Opinion
No. 554.
February 8, 1965.
Appeal from Superior Court, Fourth Judicial District, Everett W. Hepp, J.
Robert A. Parrish and Karl L. Walter, Jr., Fairbanks, for petitioner.
David B. Ruskin, Gen. Counsel, and William J. Bailey, Staff Atty., Anchorage, for respondent.
Before NESBETT, C.J., and DIMOND and AREND, JJ.
The superior court entered an order denying petitioner's motion for summary judgment, after making a determination of facts which were not in dispute and those which were and would have to be tried. A petition for review of such interlocutory order was denied by this court without opinion. Petitioner has requested that we give reasons for denial of the petition.
Shortly after the inception of the state court system, we published opinions in two cases where petitions for review of interlocutory orders were denied. We did this in order to bring to the attention of the Bar our reasons for adopting a procedure which relaxed the traditional concept of appellate practice, whereby appellate review was available only from final decisions and not from interlocutory orders. We pointed out that interlocutory review was not a matter of right but of sound judicial discretion, and we discussed the considerations which would govern the exercise of that discretion.
City of Fairbanks v. Schaible, 352 P.2d 129 (Alaska 1960); State v. Hillstrand, 352 P.2d 633 (Alaska 1960).
Since those decisions were rendered, we have followed the policy of not writing opinions when denying petitions for review of non-appealable orders. It seems appropriate in this case to explain the reasons for that policy.
A denial of a petition for review of an interlocutory order does not mean that we either approve or disapprove of the order sought to be reviewed, but merely that we decline to pass judgment at all on the action of the trial court. Furthermore, denial of review signifies that the petitioner has not convinced us that there is need for early consideration of a non-appealable order, in accordance with the considerations governing the granting of review as outlined in Supreme Court Rules 23 and 24.
Supreme Court Rules 23 and 24 read as follows:
Rule 23. Review of Non-Appealable Orders or Decisions.
"An aggrieved party may petition this court for review of any order or decision of the superior court, not otherwise appealable under Rule 6, in any action or proceeding, civil or criminal, as follows:
"(a) From interlocutory orders granting, continuing, modifying, refusing or dissolving injunctions, or refusing to dissolve or modify injunctions.

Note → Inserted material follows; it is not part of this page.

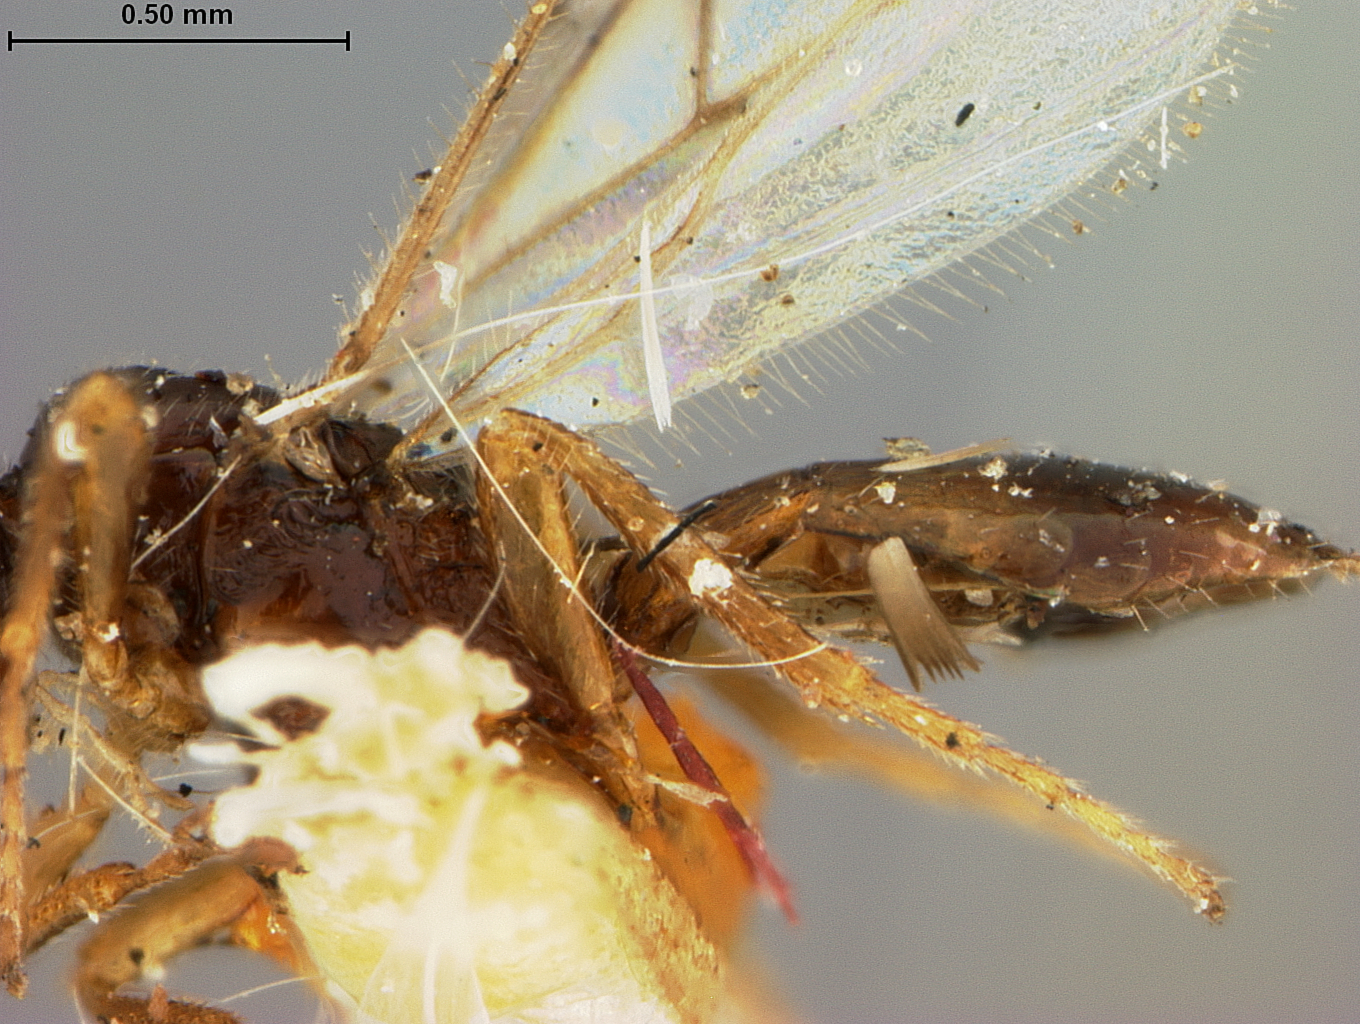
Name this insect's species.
Caenophanes atrata

"(b) From interlocutory orders appointing receivers or refusing orders to wind up receiverships or to take steps to accomplish the purposes thereof, such as directing sales or other disposals of property.
"(c) From any order affecting a substantial right in an action or proceeding which either (1) in effect terminates the proceeding or action and prevents a final judgment therein; or (2) discontinues the action; or (3) grants a new trial.
"(d) Where such an order or decision involves a controlling question of law as to which there is substantial ground for difference of opinion, and where an immediate and present review of such order or decision may materially advance the ultimate termination of the litigation.
"(e) Where postponement of review until appeal may be taken from a final judgment will result in injustice because of impairment of a legal right, or because of unnecessary delay, expense, hardship or other related factors.
"Relief heretofore available by writs of review, certiorari, mandamus, prohibition, and other writs necessary or appropriate to the complete exercise of this court's jurisdiction, may be obtained by petition for review, and the procedure for obtaining such relief shall be as prescribed in Part VI of these rules."
Rule 24. Considerations Governing Review.
"A review shall not be a matter of right, but will be granted only: (1) where the order or decision sought to be reviewed is of such substance and importance as to justify deviation from the normal appellate procedure by way of appeal and to require the immediate attention of this court; (2) where the sound policy behind the general rule of requiring appeals to be taken only from final judgments is outweighed by the claim of the individual case that justice demands a present and immediate review of a particular non-appealable order or decision; or (3) where the superior court has so far departed from the accepted and usual course of judicial proceedings, or so far sanctioned such a departure by an inferior court or administrative tribunal, as to call for this court's power of supervision and review."
The principles just discussed are apparent from our written opinions in City of Fairbanks v. Schaible and State v. Hillstrand. We thought it unnecessary to reiterate those principles in later cases, and for that reason have adhered to the practice of not stating our reasons when denying petitions for review.
Note 1, supra.
We also consider the giving of reasons in these cases unwise. If we were to attempt to explain in each case how and why the petitioner has failed to convince us that our discretion should be exercised in favor of granting review, there is the danger that what we would say would be construed as indicating our views on the very issue or issues which we had decided not to pass upon. This would tend to be misleading or confusing to counsel and to the trial court, without any good purpose having been served. This is a factor which has persuaded us that the writing of opinions in cases where interlocutory review is denied generally would be an undesirable practice.
In this case we decline to elaborate further on our reasons for denying the petition for review.